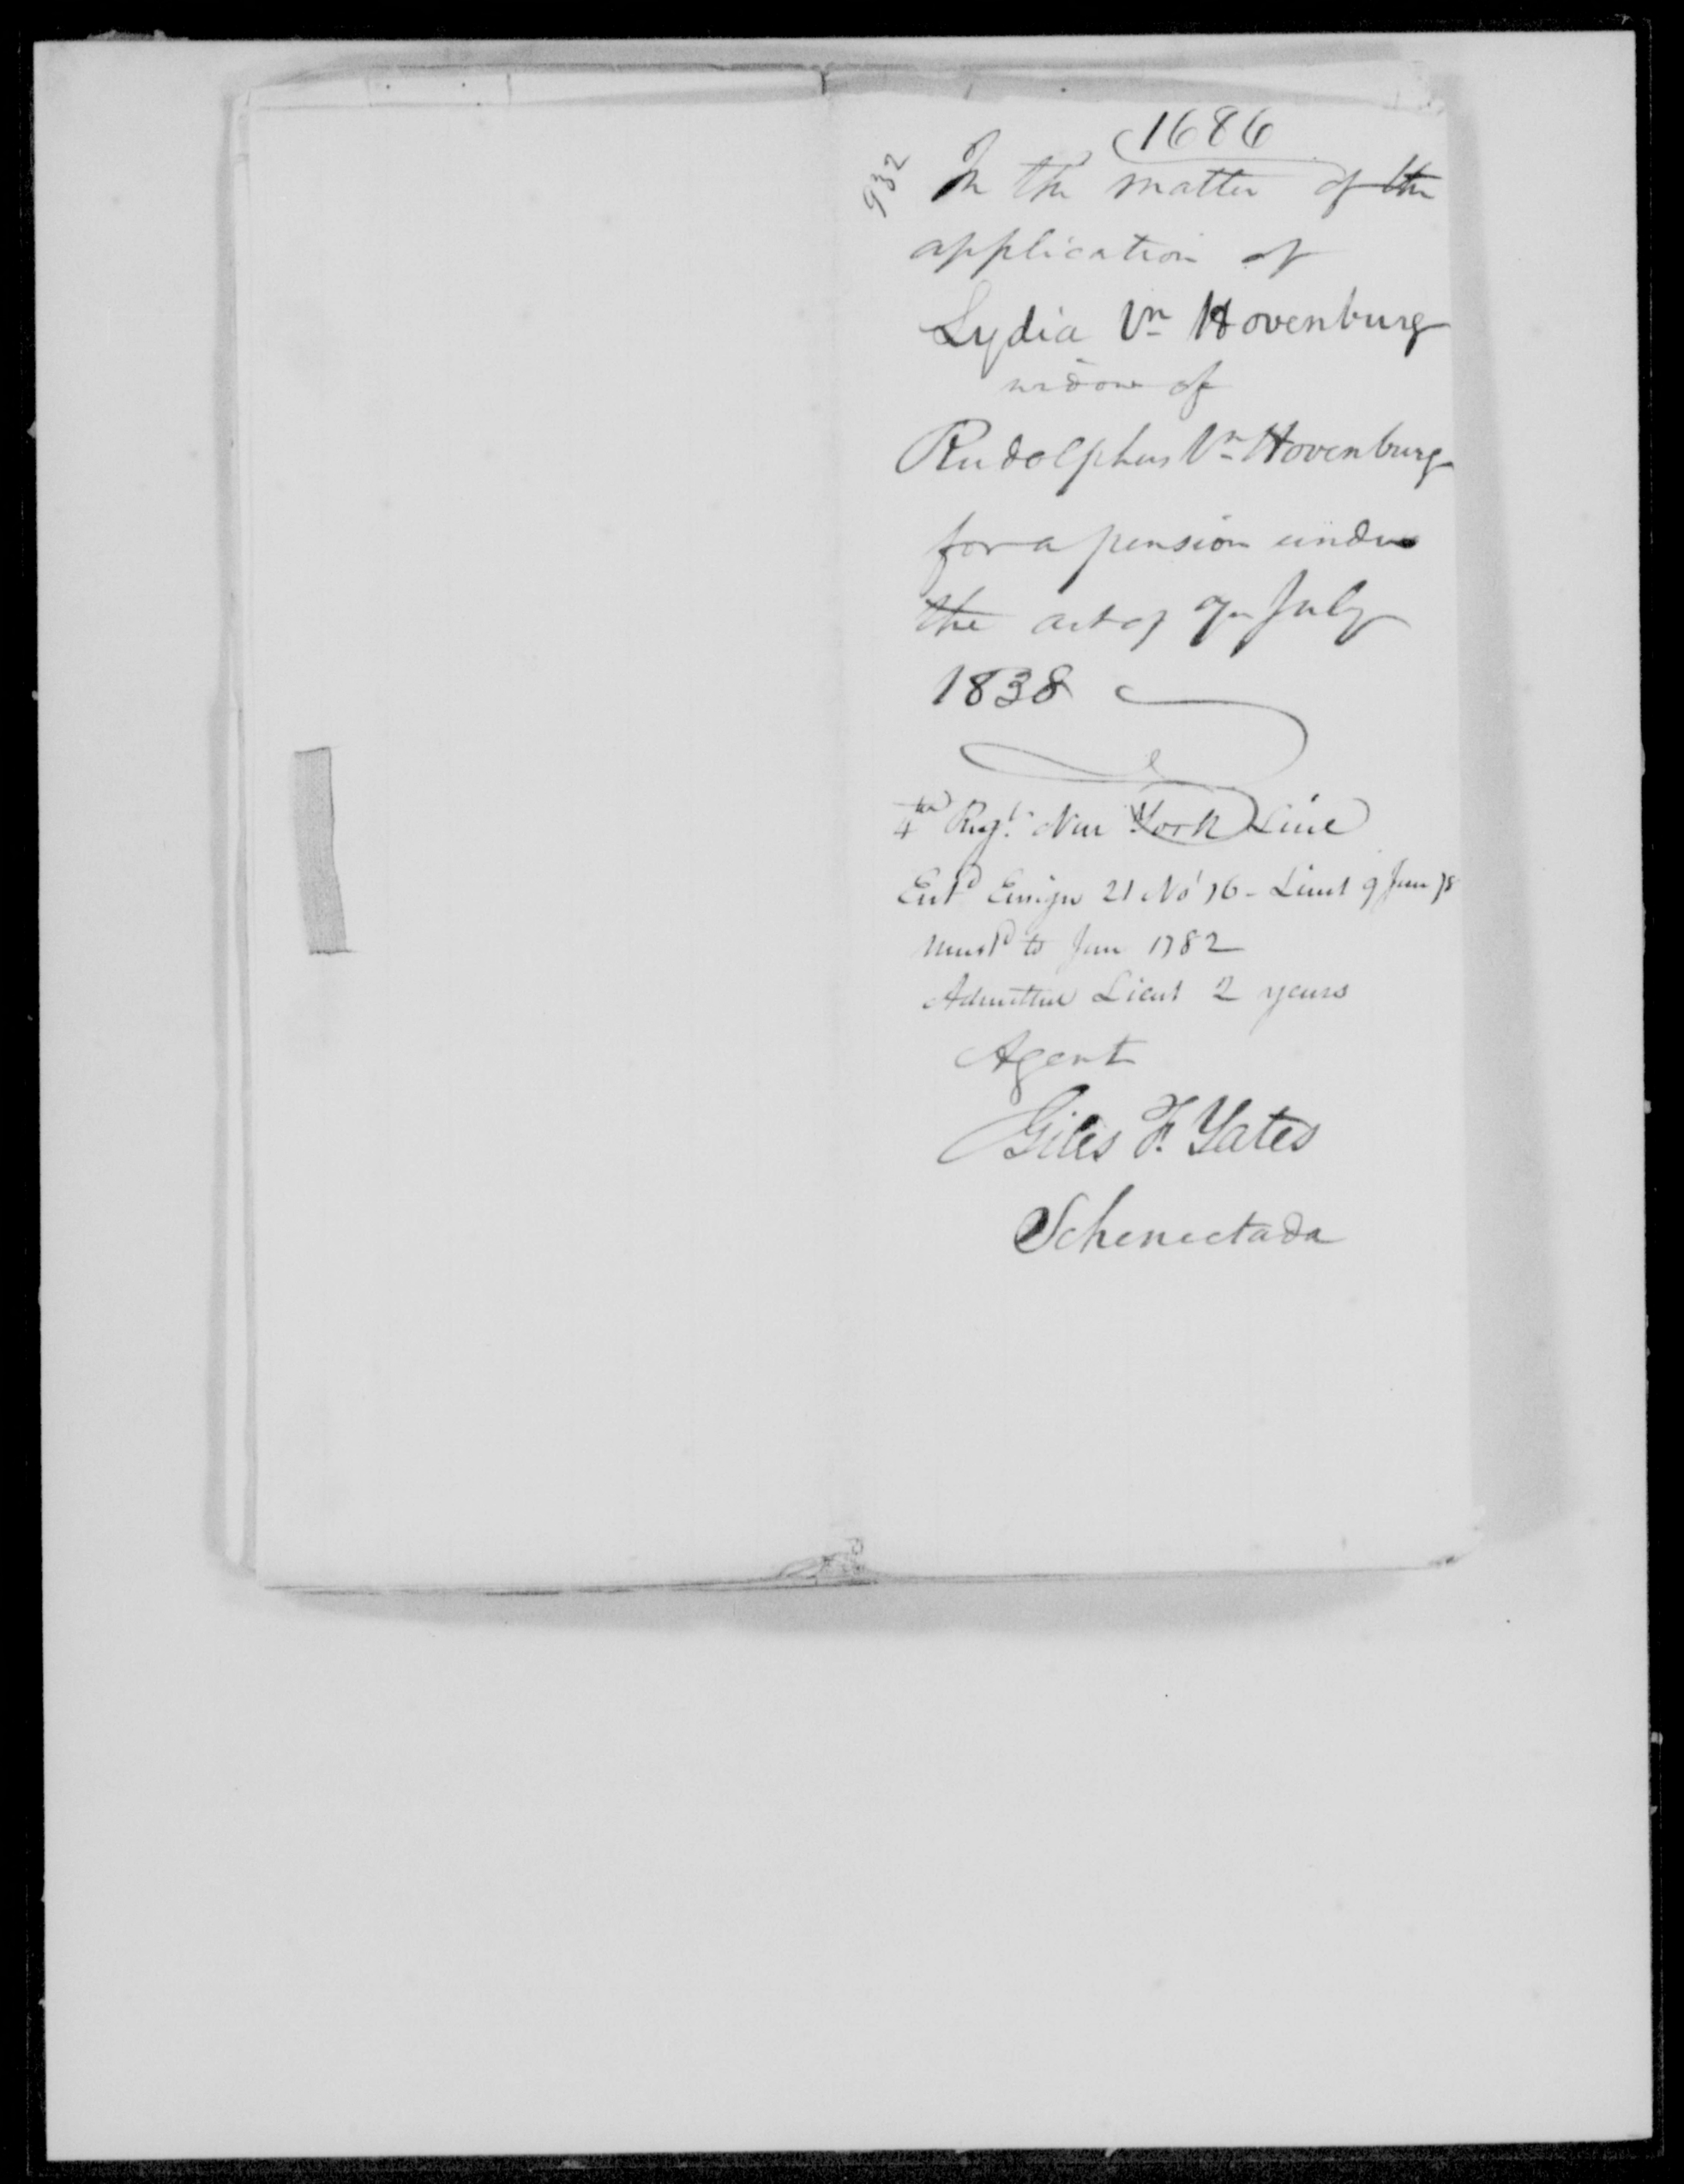1686
932
In the matter of the
application of
Lydia V Hovenburg
widow of
Rudolphus V Hovenburg 
for a pension under the
act of 7 July
1838
4th Regt New York Line
Ent Ensign 21 No' 16 - Lieut 9 Jun 78
Mustd to Jan 1782
Admitted Lieut 2 years
Agent
Giles F. Yates
Schenectada

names: Rudolphus Vn Hovenburg, Lydia Vn Hovenburg, Giles F Yates
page: 3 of 38
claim: widow's
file: W. 23324, Rudolphus Van Hoevenbergh, New York
──────────────────────────────
* [Exercise description]: Return the preceding entries exactly, each word as given, but leave out any picture.

* [Exercise solution]:
1686
932
In the matter of the
application of
Lydia V Hovenburg
widow of
Rudolphus V Hovenburg 
for a pension under the
act of 7 July
1838
4th Regt New York Line
Ent Ensign 21 No' 16 - Lieut 9 Jun 78
Mustd to Jan 1782
Admitted Lieut 2 years
Agent
Giles F. Yates
Schenectada

names: Rudolphus Vn Hovenburg, Lydia Vn Hovenburg, Giles F Yates
page: 3 of 38
claim: widow's
file: W. 23324, Rudolphus Van Hoevenbergh, New York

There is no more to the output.